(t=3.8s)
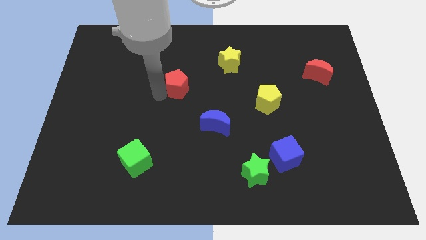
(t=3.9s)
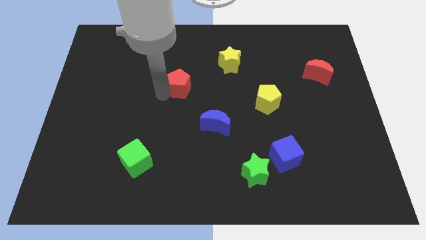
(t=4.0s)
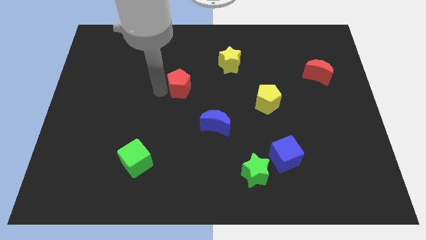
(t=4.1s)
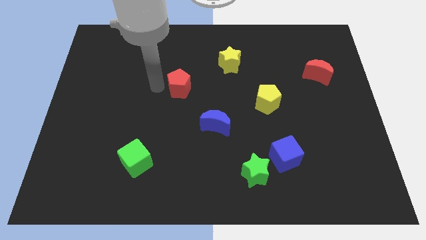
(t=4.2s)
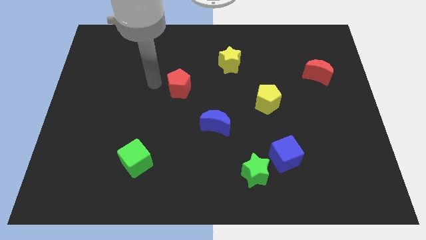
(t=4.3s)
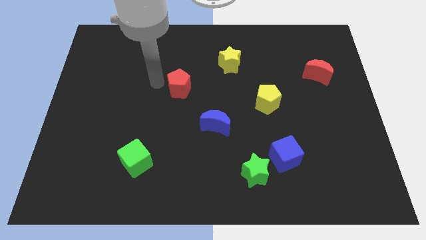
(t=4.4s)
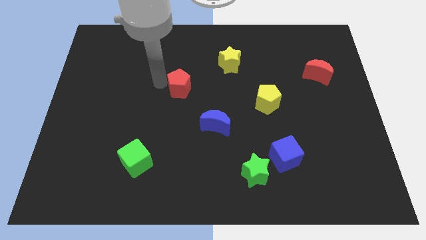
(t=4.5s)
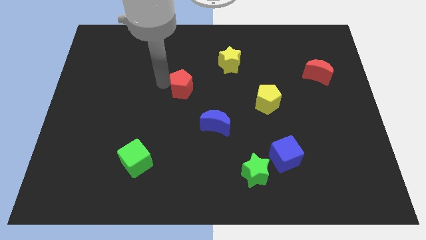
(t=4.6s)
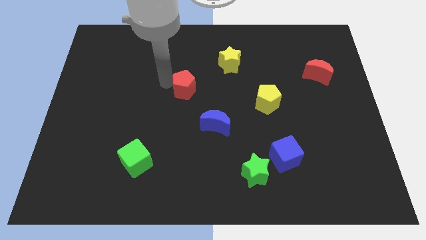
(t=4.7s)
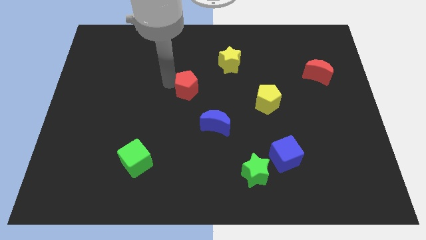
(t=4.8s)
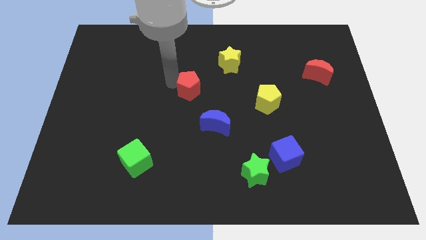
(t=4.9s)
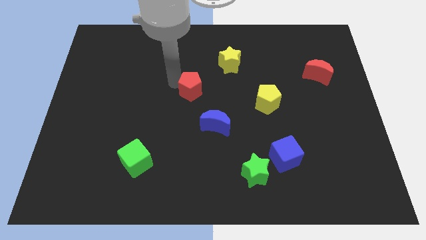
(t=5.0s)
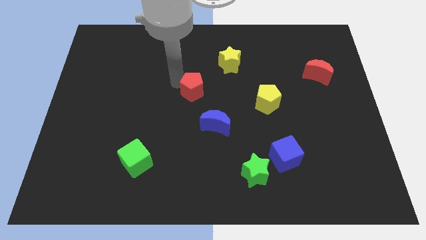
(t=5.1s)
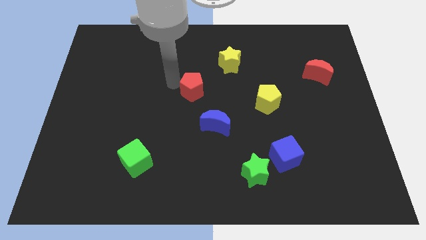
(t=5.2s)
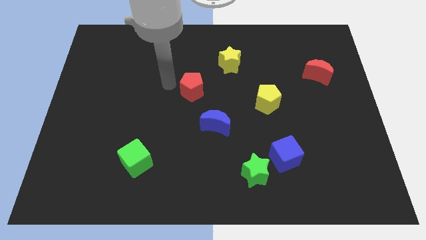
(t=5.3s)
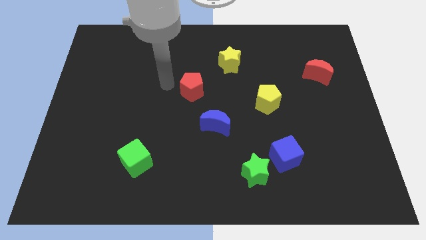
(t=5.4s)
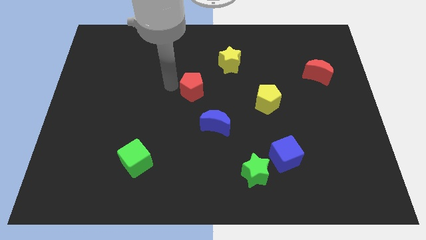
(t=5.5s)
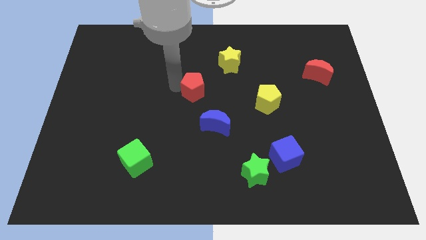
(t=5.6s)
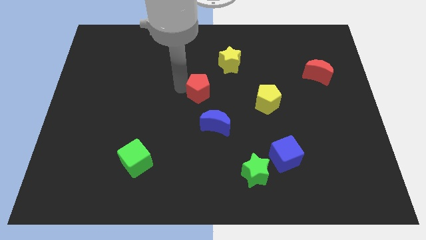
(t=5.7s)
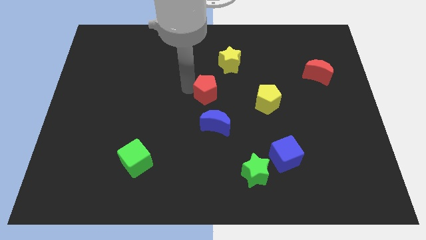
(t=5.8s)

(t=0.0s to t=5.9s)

- The task -
From the entries above, write out every line without a single change, skipping the images.

- Solution to the exercise -
(t=3.8s)
(t=3.9s)
(t=4.0s)
(t=4.1s)
(t=4.2s)
(t=4.3s)
(t=4.4s)
(t=4.5s)
(t=4.6s)
(t=4.7s)
(t=4.8s)
(t=4.9s)
(t=5.0s)
(t=5.1s)
(t=5.2s)
(t=5.3s)
(t=5.4s)
(t=5.5s)
(t=5.6s)
(t=5.7s)
(t=5.8s)

(t=0.0s to t=5.9s)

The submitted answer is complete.